Using the entries that follow, state how many lines contain "Atelectasis", with no other words.

━━━ GIVEN DATA

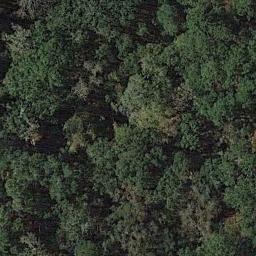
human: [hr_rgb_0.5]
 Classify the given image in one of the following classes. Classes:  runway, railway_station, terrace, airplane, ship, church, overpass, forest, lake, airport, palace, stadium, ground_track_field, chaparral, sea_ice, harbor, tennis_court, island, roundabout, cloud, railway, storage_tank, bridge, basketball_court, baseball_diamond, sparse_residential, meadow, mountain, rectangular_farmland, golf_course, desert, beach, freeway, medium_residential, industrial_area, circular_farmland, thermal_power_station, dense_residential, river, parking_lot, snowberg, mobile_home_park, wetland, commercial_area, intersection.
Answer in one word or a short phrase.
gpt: forest
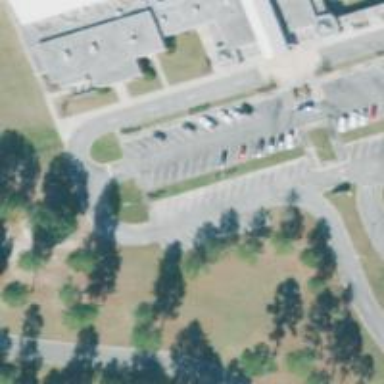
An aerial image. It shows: Parking space is available.
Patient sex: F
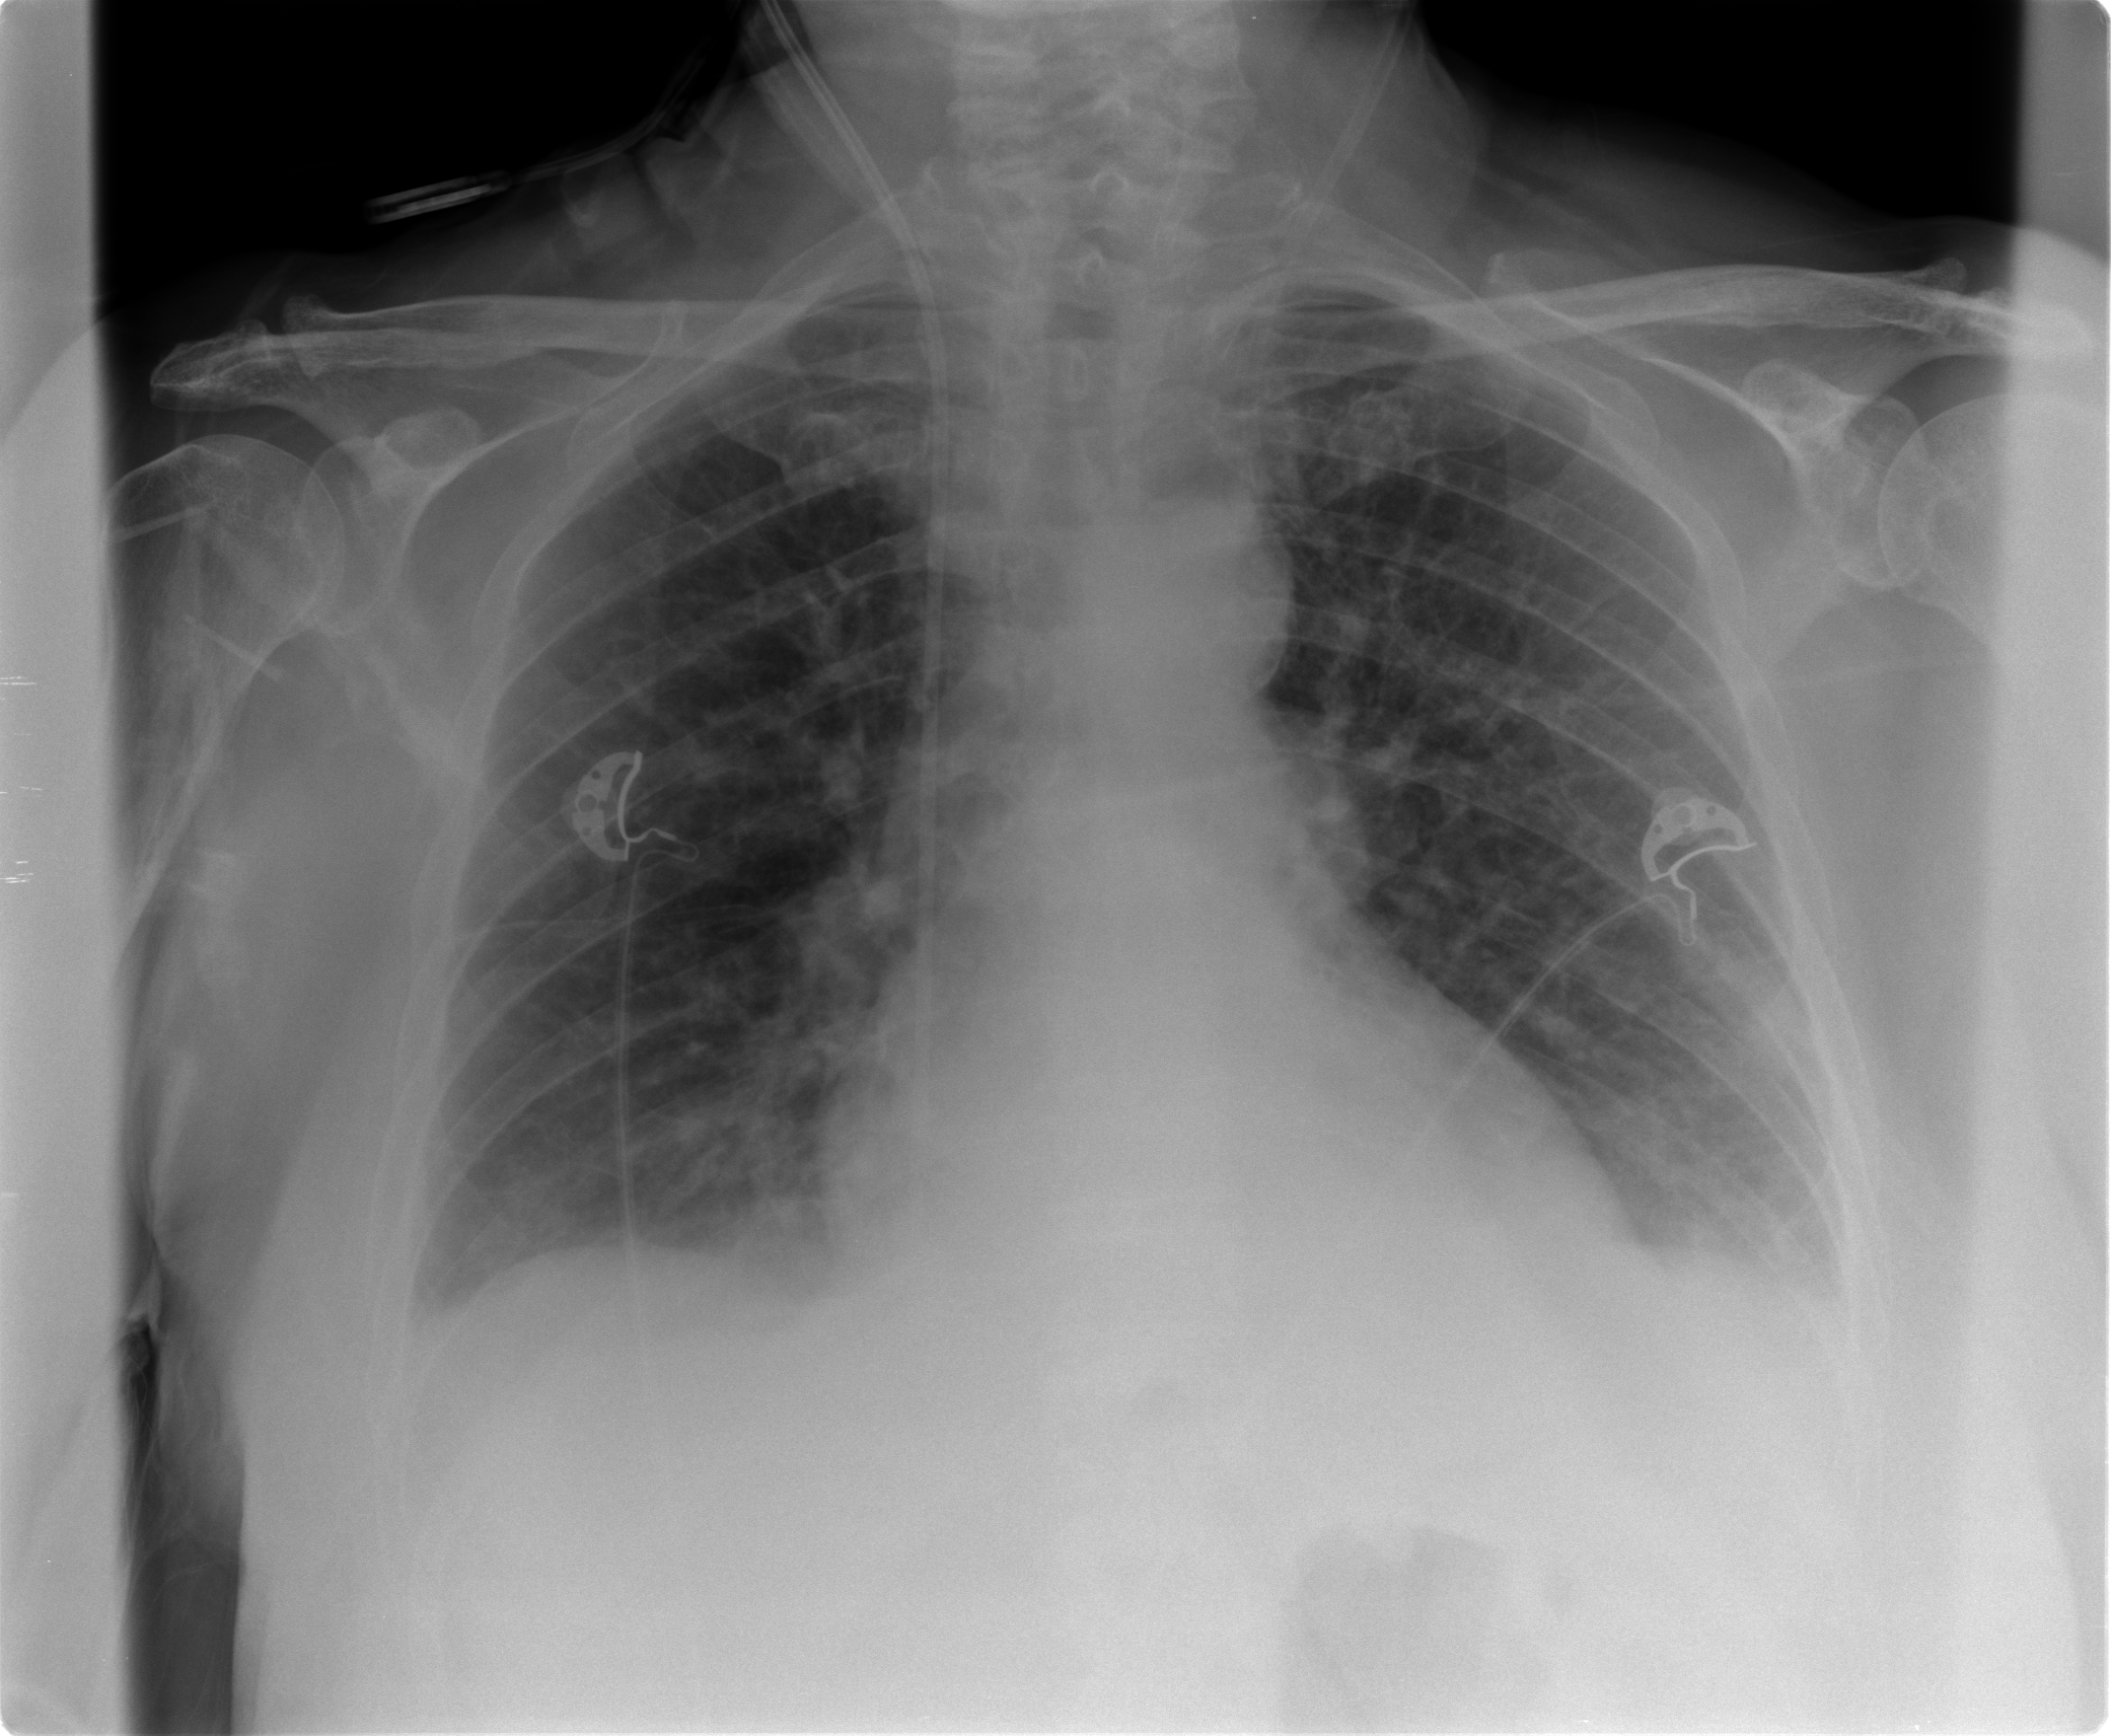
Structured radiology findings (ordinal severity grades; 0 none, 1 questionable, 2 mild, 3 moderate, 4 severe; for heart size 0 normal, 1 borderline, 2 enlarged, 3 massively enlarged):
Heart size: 2
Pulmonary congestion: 0
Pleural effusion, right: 1
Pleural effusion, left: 2
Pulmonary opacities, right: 0
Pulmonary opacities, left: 0
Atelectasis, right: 2
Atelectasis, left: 1
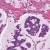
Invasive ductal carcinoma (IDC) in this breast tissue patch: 1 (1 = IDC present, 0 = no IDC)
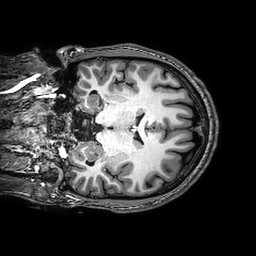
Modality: T1w
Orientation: coronal
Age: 20
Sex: male
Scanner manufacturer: philips
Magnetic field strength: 3 T
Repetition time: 0.008285 s
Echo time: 0.00381 s
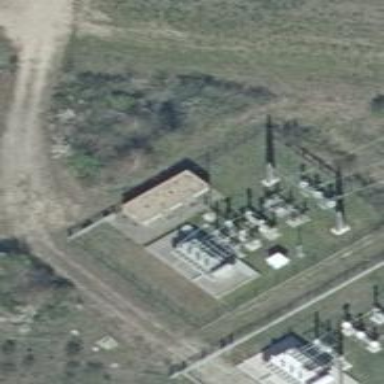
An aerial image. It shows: Distribution level power substation enclosed by fence.
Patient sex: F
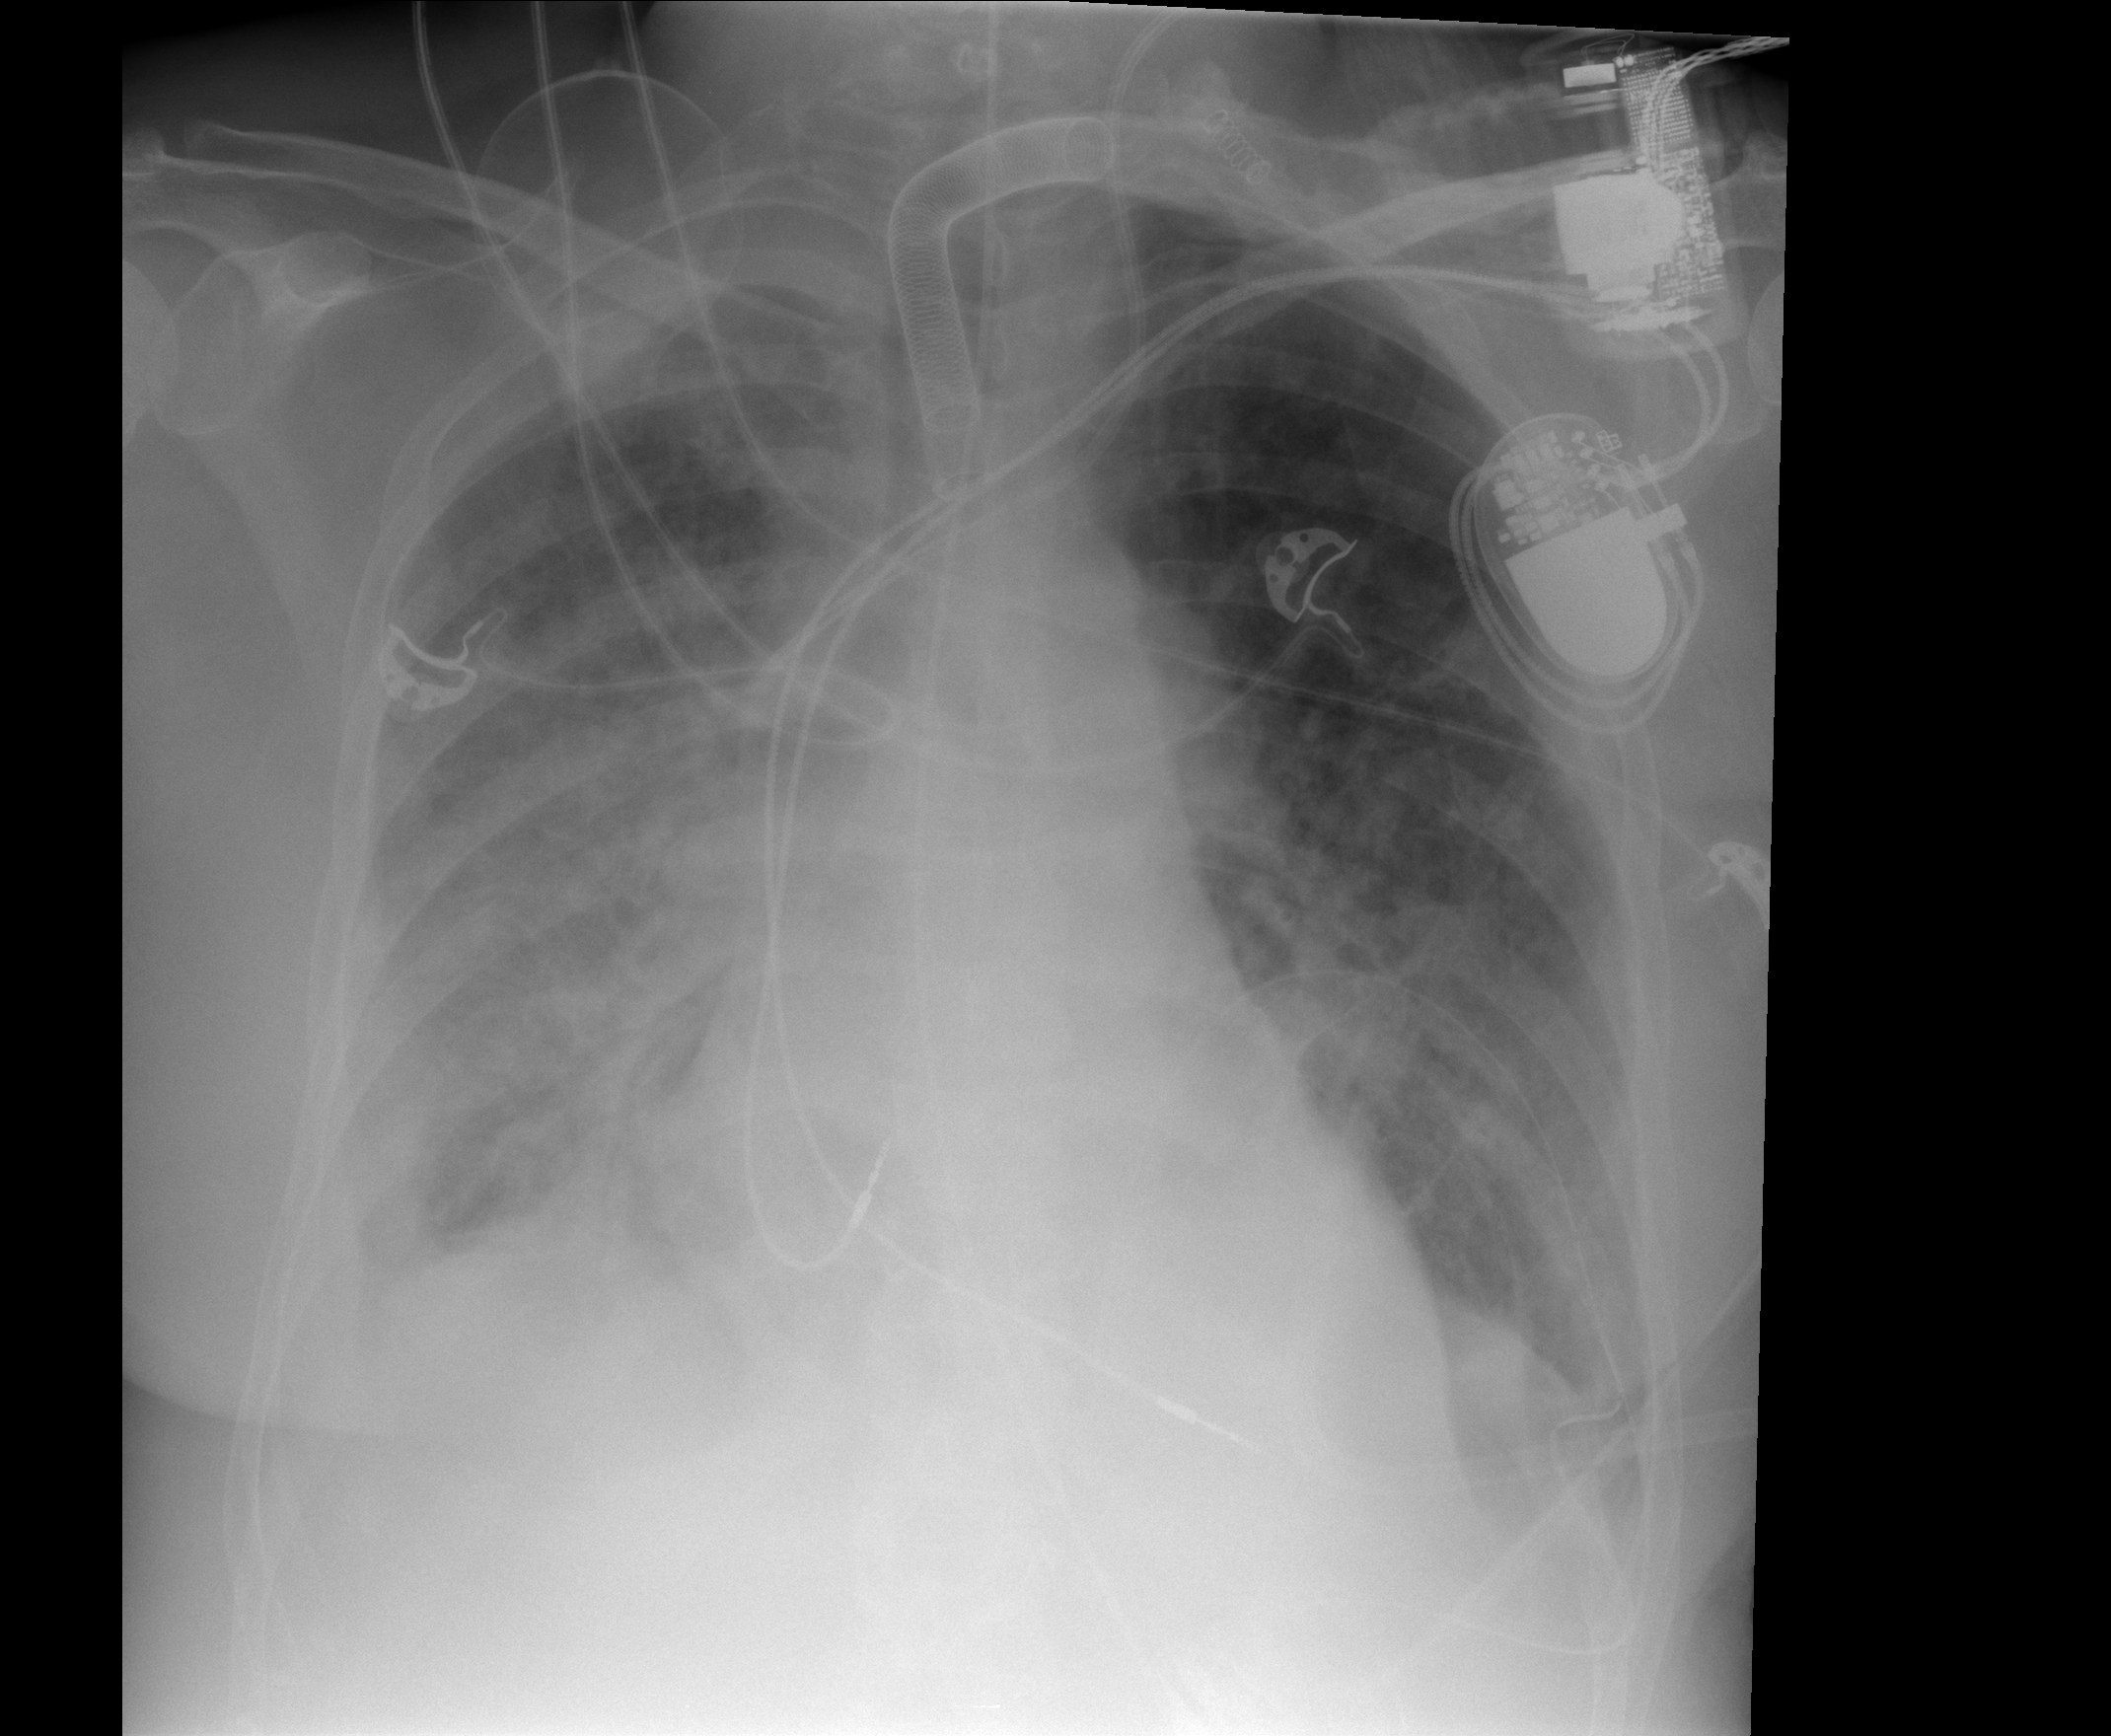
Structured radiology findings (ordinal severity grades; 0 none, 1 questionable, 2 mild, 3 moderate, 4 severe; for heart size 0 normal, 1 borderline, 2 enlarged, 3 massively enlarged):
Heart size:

━━━━━━

(WRITTEN REPLY):
2